Ricardo Noblat, colunista do Metrópoles, foi alvo de monitoramento por uma estrutura oculta da Agência Brasileira de Inteligência (Abin) durante o governo do ex-presidente Jair Bolsonaro (PL), conforme mostra relatório da Polícia Federal (PF), cuja confidencialidade foi suspensa em 19 de junho pelo ministro Alexandre de Moraes, do Supremo Tribunal Federal (STF). A descoberta faz parte das apurações sobre as atividades da chamada Abin Paralela.
De acordo com o relatório, a Abin Paralela realizou vigilância não autorizada contra autoridades dos Três Poderes, profissionais da imprensa e servidores públicos entre fevereiro de 2019 e abril de 2021. No caso de Noblat, as investigações indicam que ele foi monitorado em 23 de julho de 2020, na época em que escrevia para a Revista Veja, num período aproximado de três horas. A PF afirma que o monitoramento teve início ao meio-dia daquele dia, coincidindo com a publicação de uma matéria crítica ao então presidente Bolsonaro e a militares ligados ao seu governo. A esposa do colunista, Rebeca Scatrut, também foi alvo das buscas.
O jornalista expressou surpresa ao saber do monitoramento e lembrou do contexto da ditadura militar no Brasil. “Isso me faz lembrar muito a época da ditadura. Apesar de estar atribuído a um governo que atuava durante um regime democrático, essa prática era comum no período militar de 64”, declarou.
Noblat ressaltou que o episódio serve como alerta para a sociedade. “Ver que isso acontece novamente após quatro décadas de democracia mostra que nossas instituições, embora fortes, não são imunes a retrocessos. A democracia mundial está ameaçada e enfraquecida.”
O jornalista também criticou a prática de monitorar a imprensa, destacando sua inaceitabilidade: “Não me surpreende que tenha ocorrido, pois a obsessão de Bolsonaro desde o início do mandato era praticar um golpe.

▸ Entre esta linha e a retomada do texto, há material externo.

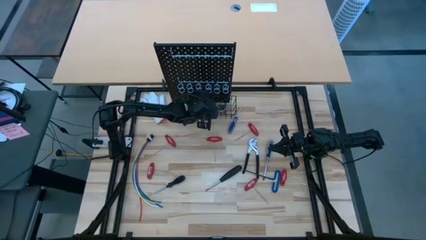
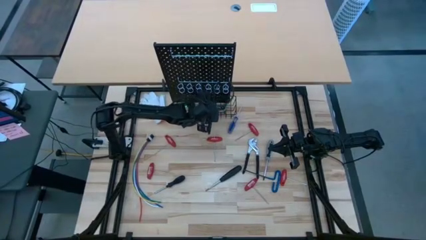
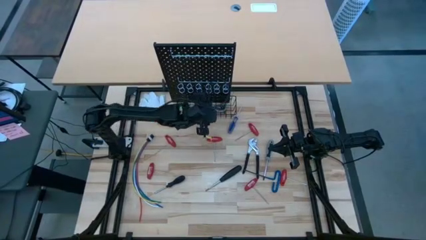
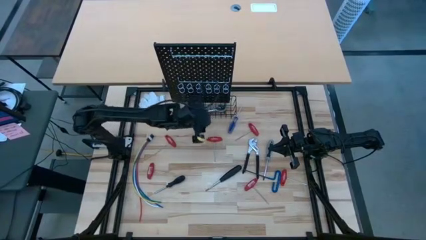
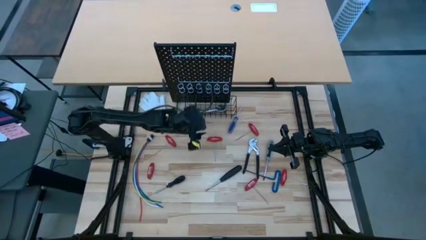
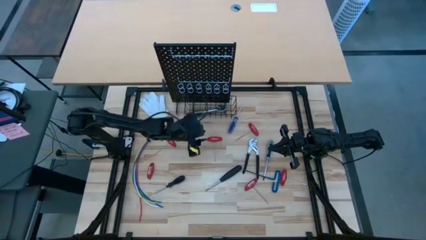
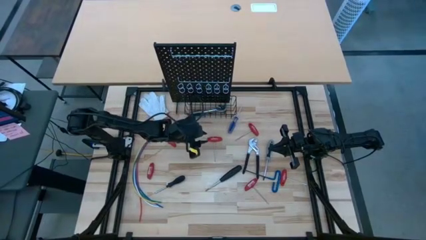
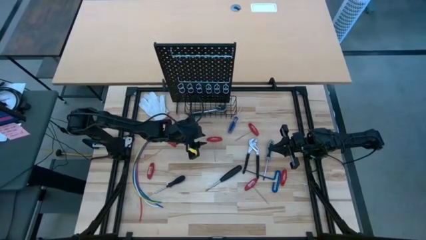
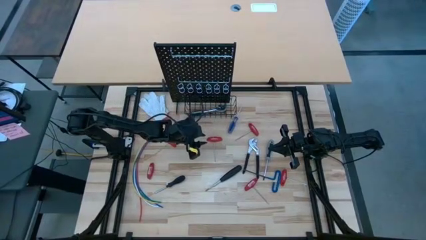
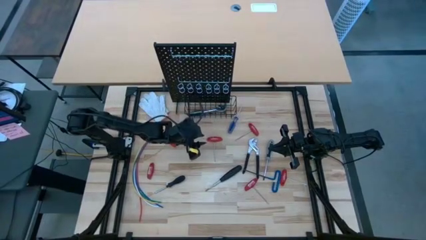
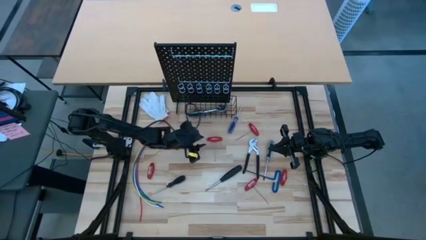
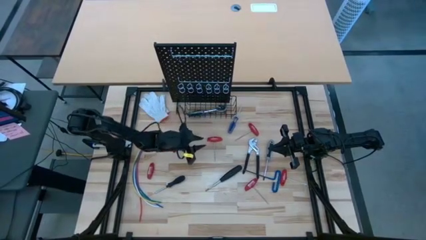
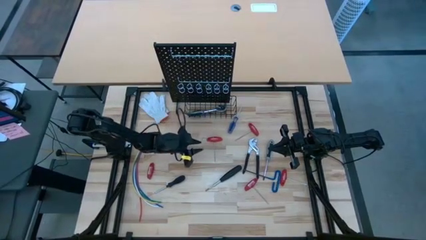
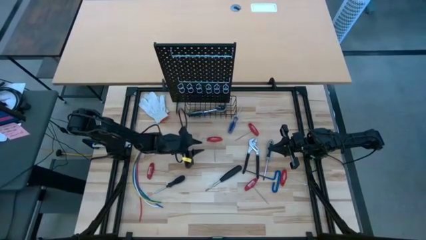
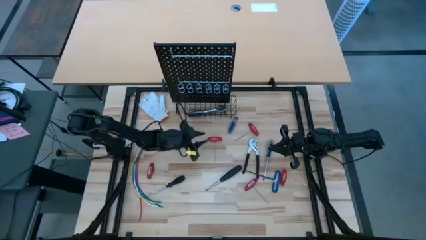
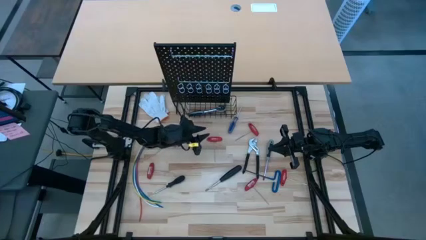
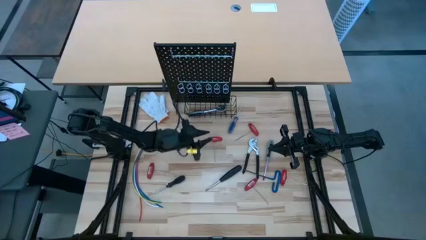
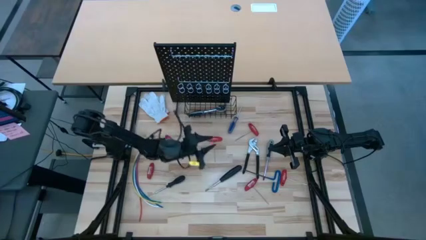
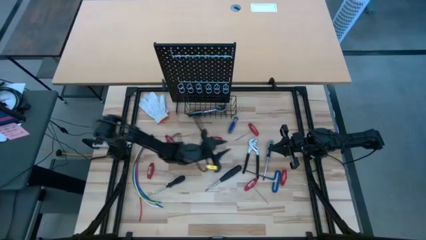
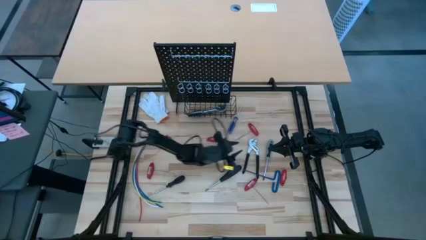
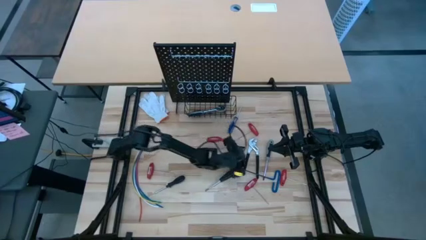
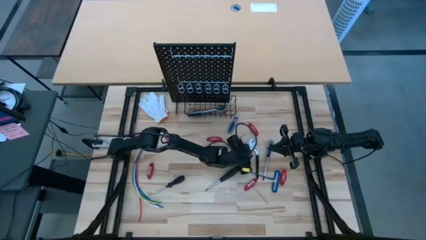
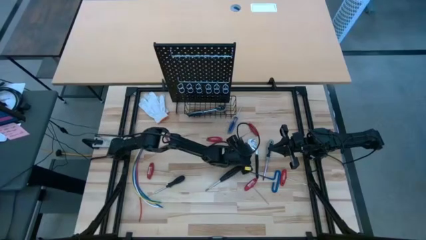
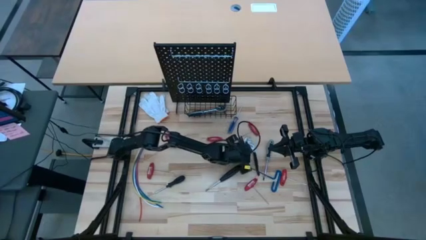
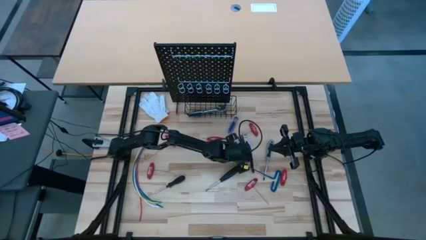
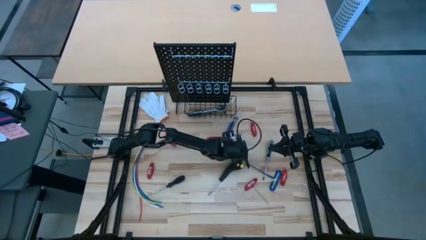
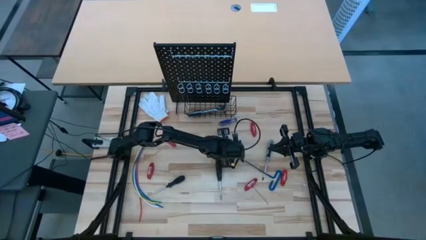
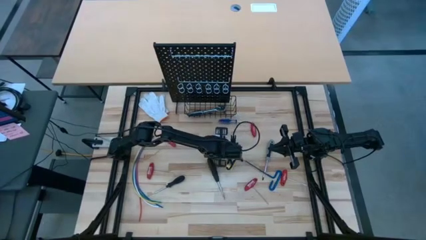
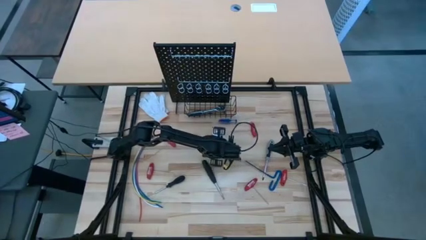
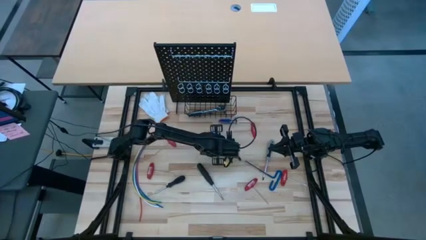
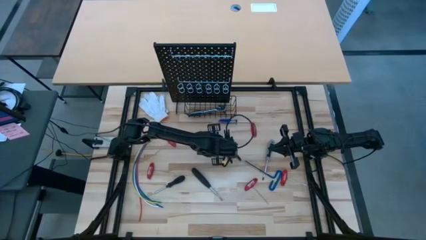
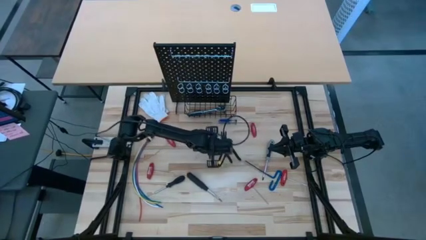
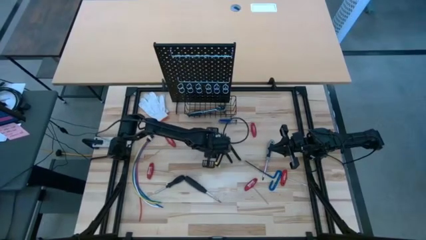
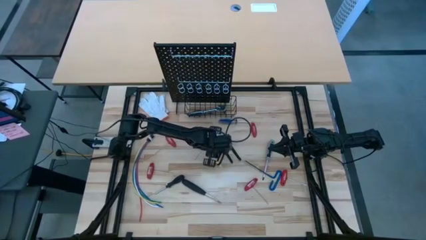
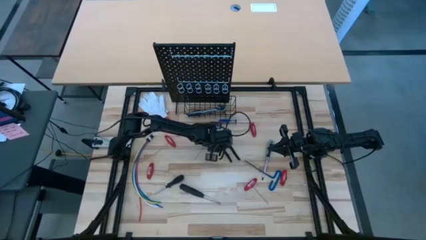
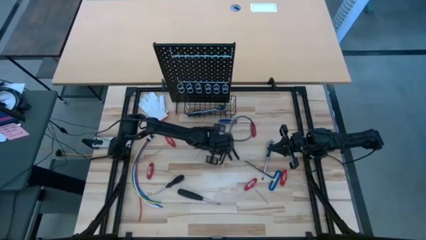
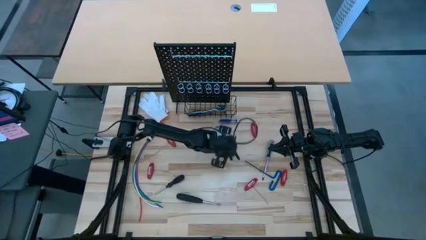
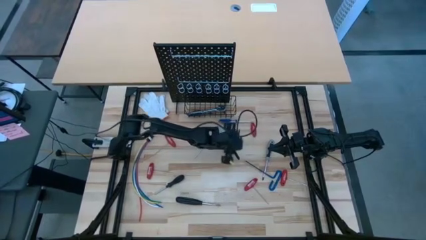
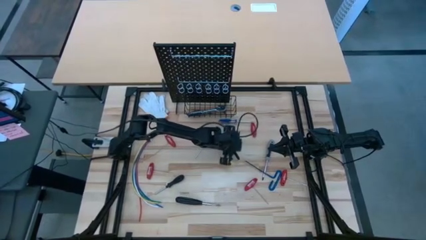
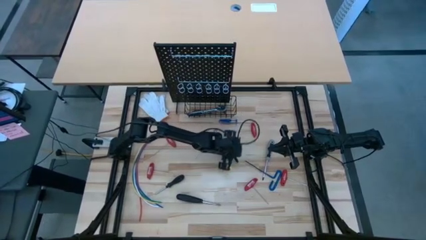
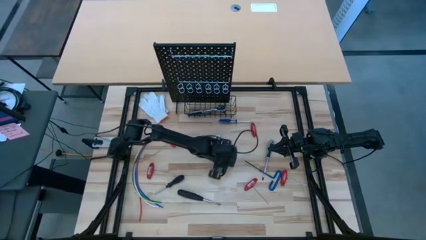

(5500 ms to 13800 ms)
Task: Hang tools onto peg board
Put the slip joint plier into the black wire basket on the black pegboard

O país enfrentou, como se viu, um risco sério.” Questionou ainda o propósito da vigilância contra jornalistas: “Por que monitorar profissionais cuja investigação e publicações são públicas? Qual o objetivo?”
Além de Ricardo Noblat, a investigação aponta que cerca de 1,8 mil linhas telefônicas foram monitoradas ilegalmente pela Abin Paralela, totalizando 60.734 consultas de geolocalização. O esquema funcionava sem planejamento formal ou documentação, dificultando a identificação da cadeia de comando e ordens.

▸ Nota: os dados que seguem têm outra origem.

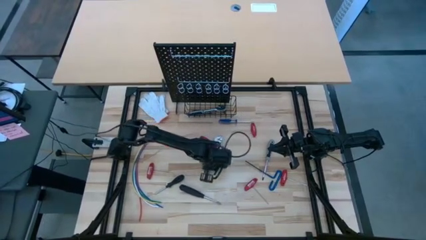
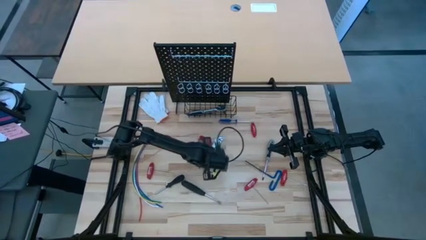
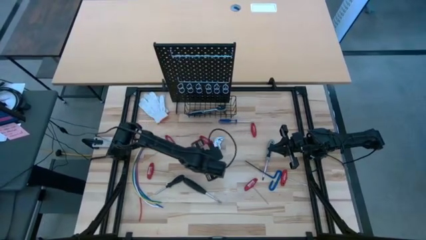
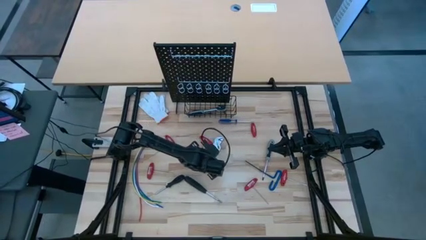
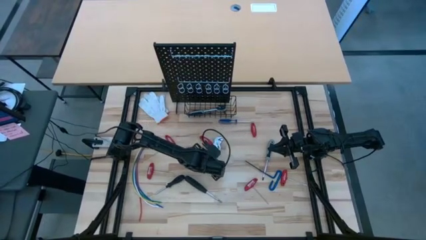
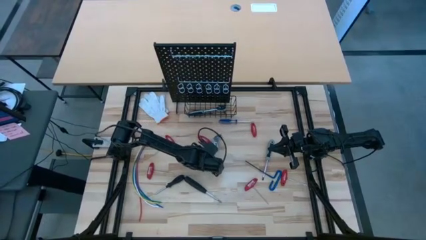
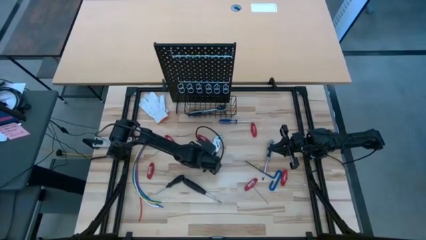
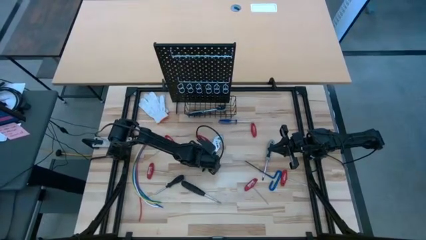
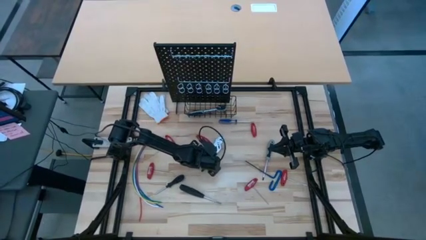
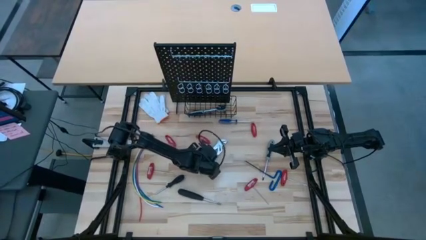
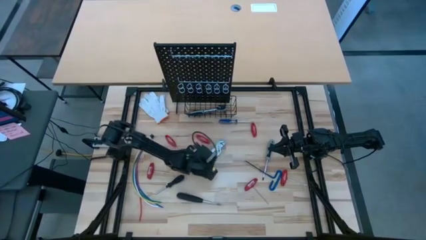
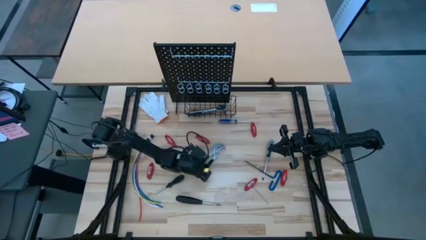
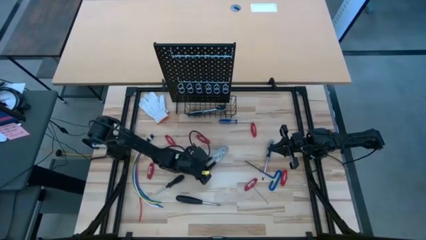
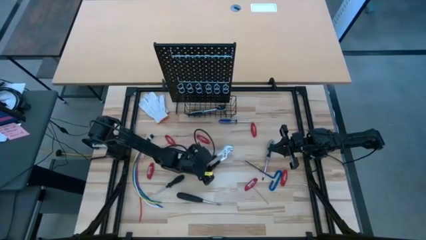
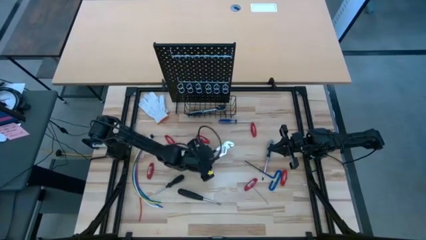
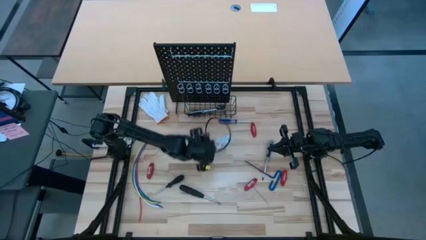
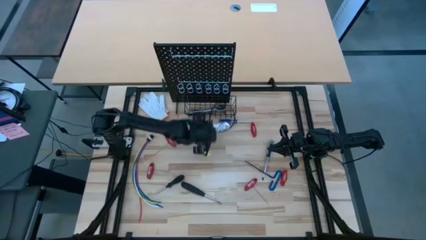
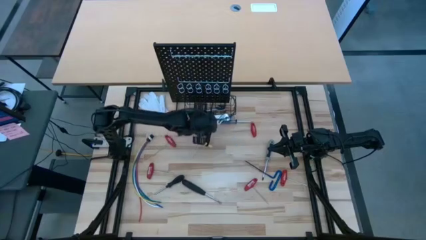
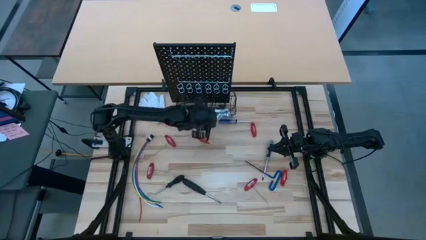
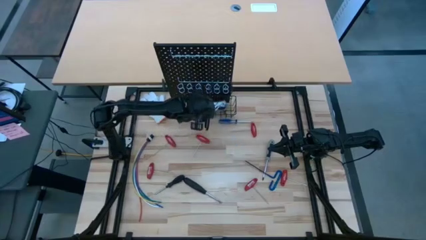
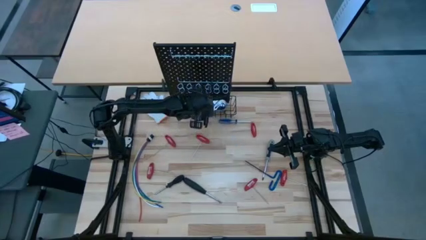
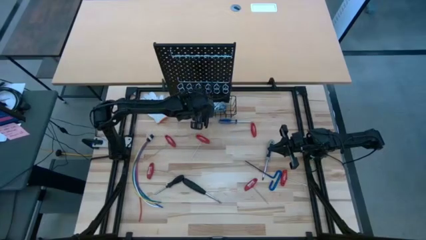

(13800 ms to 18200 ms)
Put the slip joint plier into the black wire basket on the black pegboard

As investigações mostraram que as operações ocorreram clandestinamente e fora do controle institucional, utilizando o sistema “First Mile” para rastrear alvos em tempo real. A Polícia Federal detectou tentativas de apagar registros eletrônicos para dificultar a identificação dos responsáveis.
Segundo os investigadores, o sistema foi empregado para perseguir adversários políticos, servidores públicos e jornalistas de modo ilegal e sem respaldo jurídico.